Paul Tergat du Kenya poursuit l’Ethiopien Haile Gebreselassie sur la ligne d’arrivée de l’épreuve des 10.000 mètres aux Jeux olympiques d'été de 1996 à Atlanta, le lundi 29 Juillet, 1996.

Paul Tergat du Kenya poursuit l’Ethiopien Haile Gebreselassie sur la ligne d’arrivée de l’épreuve des 10.000 mètres aux Jeux olympiques d'été de 1996 à Atlanta, le lundi 29 Juillet, 1996.

Sharad Rao, nommé par la commission d'éthique de l'IAAF à la tête de l'enquête au Kenya, a révélé que beaucoup de personnes ont proposé d'apporter leur témoignage sur les allégations de dopage et de corruption au sein de l'athlétisme kényan.

Après seulement une journée de travail, M. Rao qui chapeaute cette commission d'enquête de la Fédération internationale d'athlétisme (IAAF) au Kenya a indiqué qu'il était satisfait du soutien manifesté par nombre de personnes dans le pays.

"Il y a un énorme élan de bonne volonté, venant de la part de personnes qui se réjouissent de la création de cette enquête et qui se disent prêtes à venir avec des informations", a déclaré à l'AFP M. Rao.

"Avec ce niveau de coopération, je pense que mon boulot va s'en trouver facilité", explique M. Rao.

"Les allégations qui sont portées sont très sérieuses et justifient l'enquête", a-t-il ajouté.

M. Rao demande également aux lanceurs d'alerte de venir à lui, et aux officiels de fournir les informations.

"La coopération est vraiment nécessaire", souligne M. Rao. "La coopération et la volonté.
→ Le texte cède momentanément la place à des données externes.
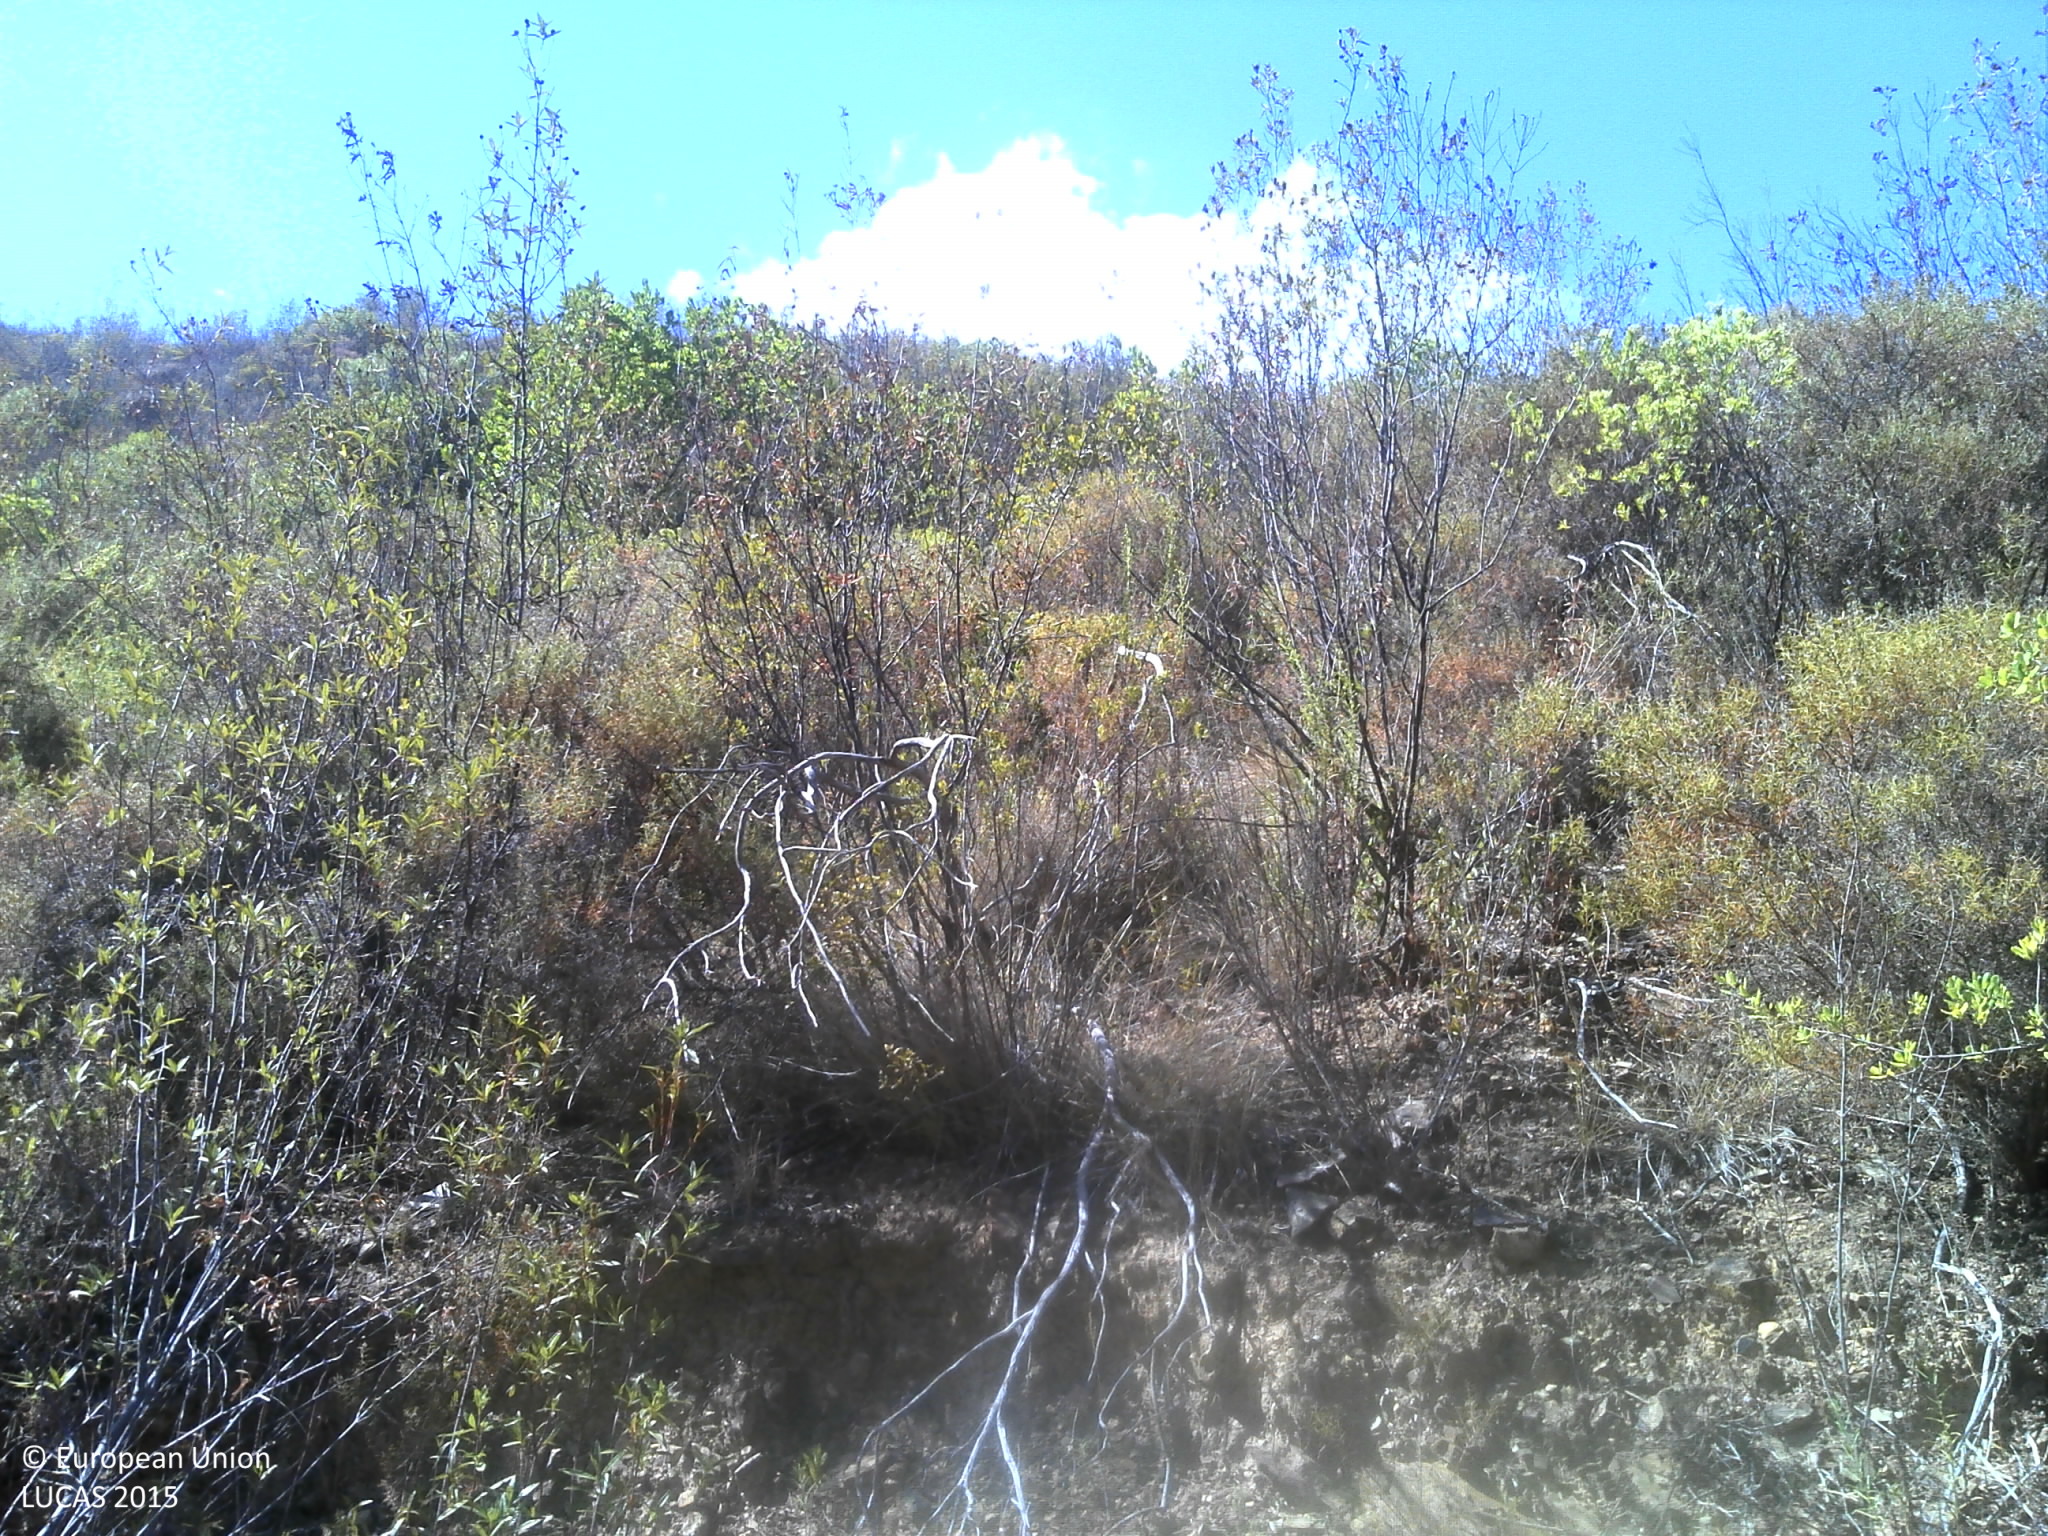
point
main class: Shrubland
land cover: Shrubland without tree cover
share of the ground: 50 - 75 %
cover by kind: shrubs 75 %, unconsolidated bare surface 25 %
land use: Abandoned areas
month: September
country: PT
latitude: 37.3402
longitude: -8.2292
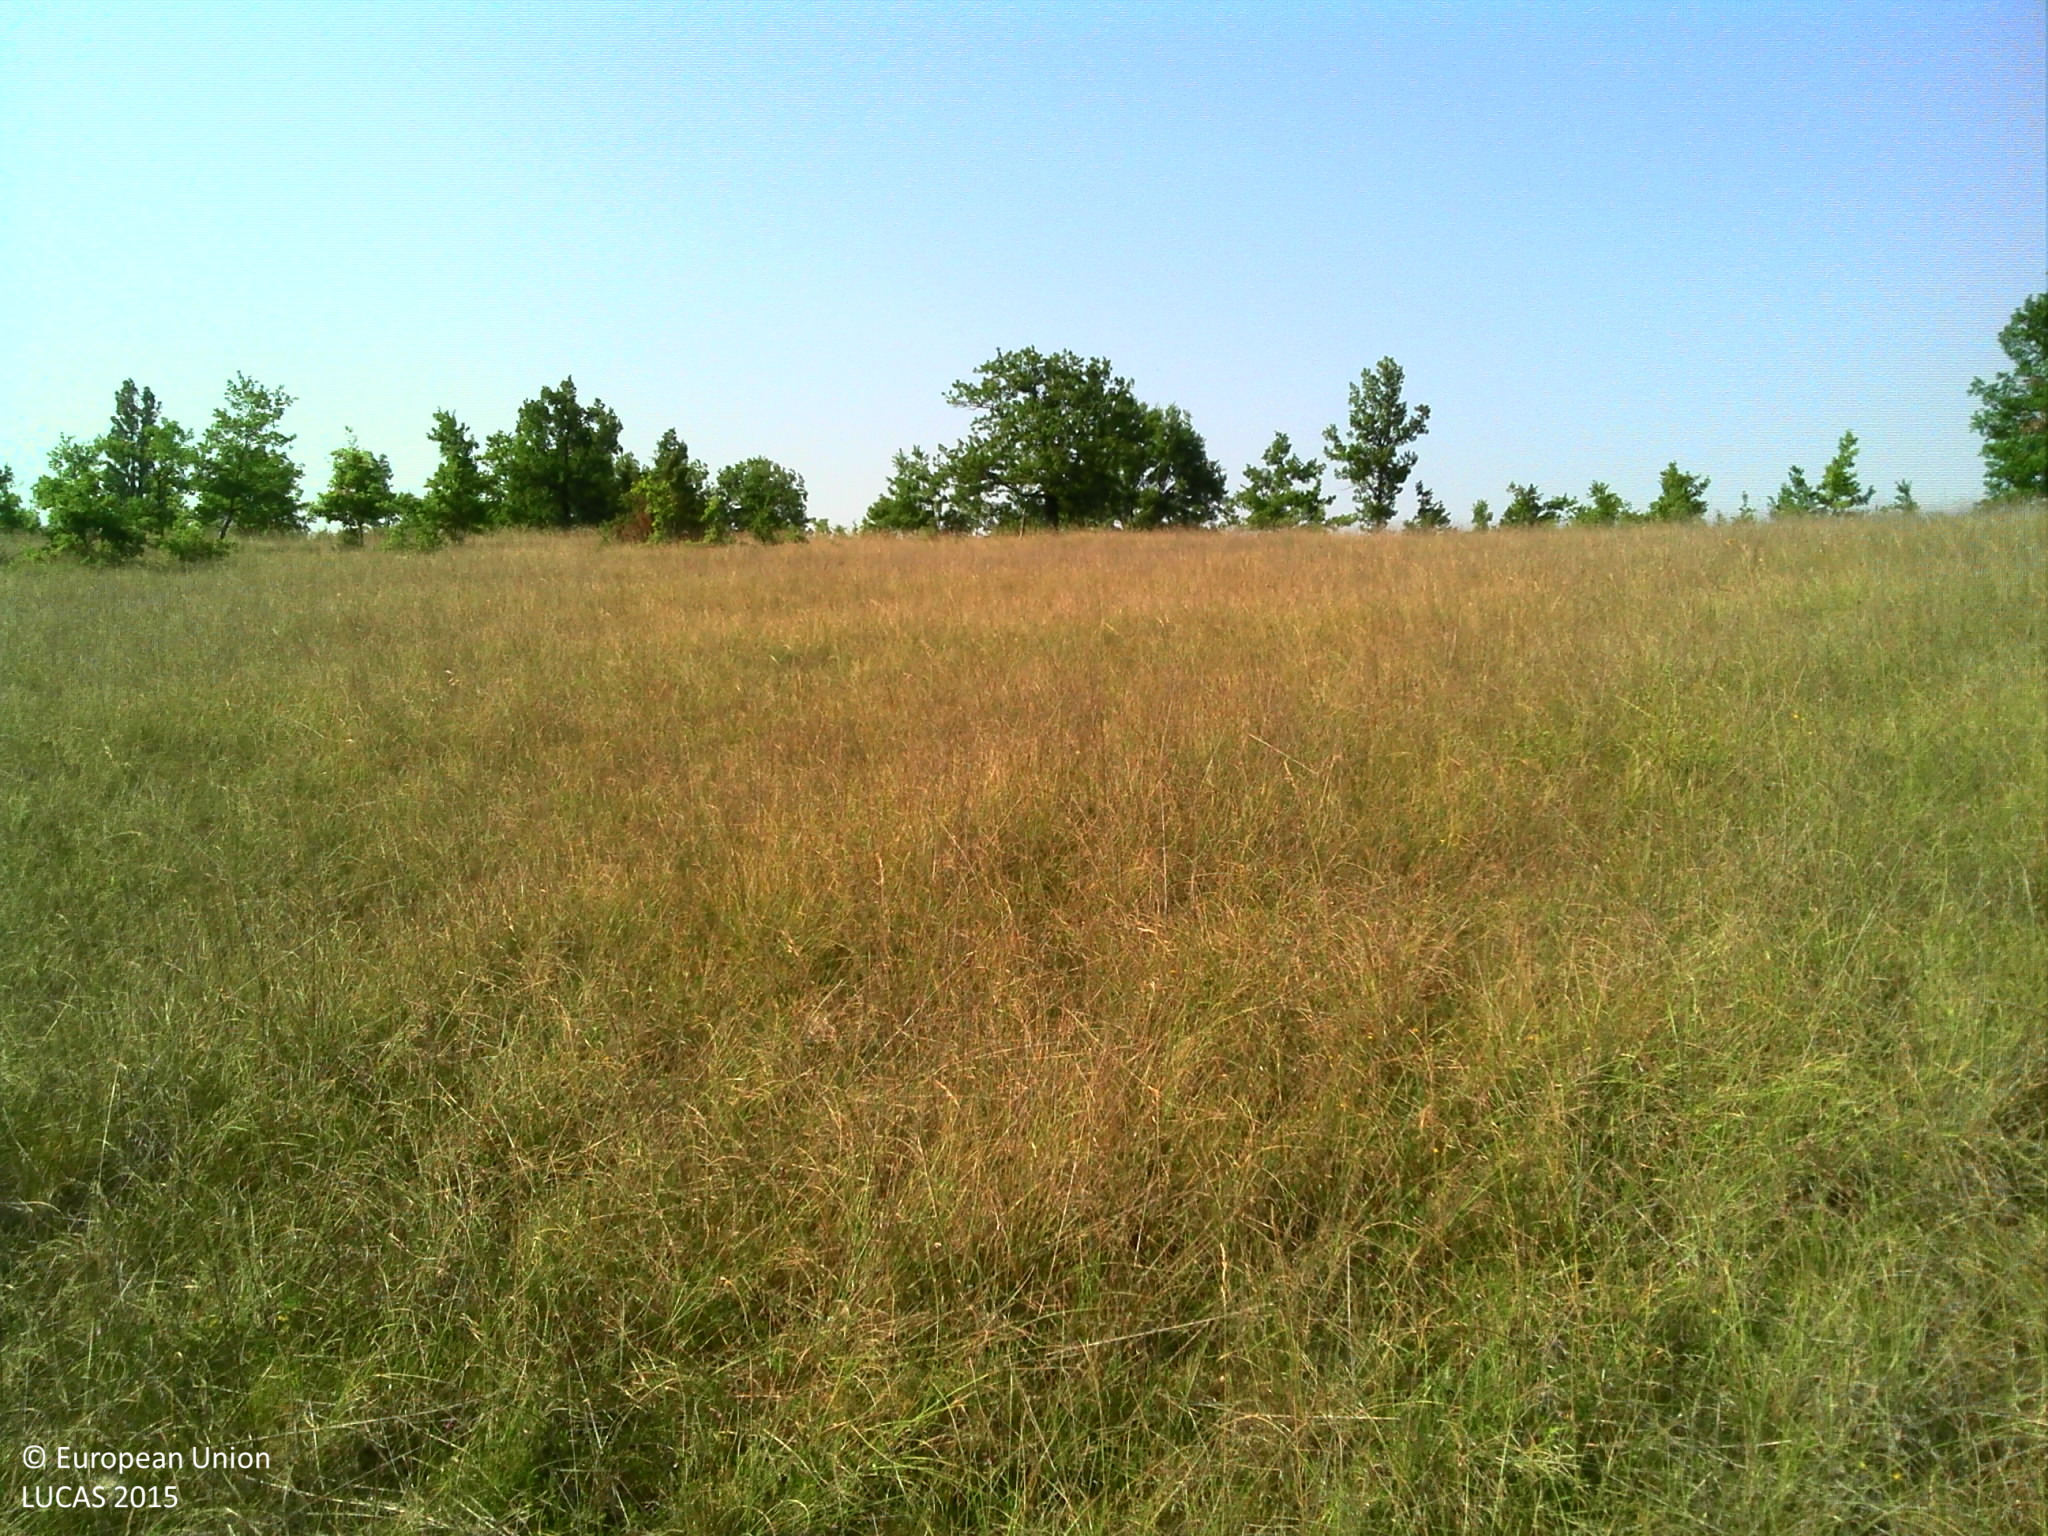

Notamment celle des athlètes eux-mêmes à venir pour dire avec honnêteté ce qu'ils savent et ce qui s'est passé sans être vindicatifs à l'encontre d'aucun des trois responsables" précédemment nommés.

Le comité d'éthique de l'IAAF a annoncé lundi la suspension du président de la Fédération kényane d'athlétisme (AK) Isaiah Kiplagat, de son vice-président David Okeyo également membre du conseil de l'IAAF, le gouvernement de l'instance internationale, et de Joseph Kinyua, trésorier de l'AK. Les motifs avancés font frémir: il s'agit d'agir "dans l'intérêt de l'intégrité du sport".

La commission d'éthique fonde ses décisions sur deux soupçons: "subversion potentielle du processus de contrôle antidopage au Kenya et détournement potentiel de fonds reçus par l'AK de la part de Nike".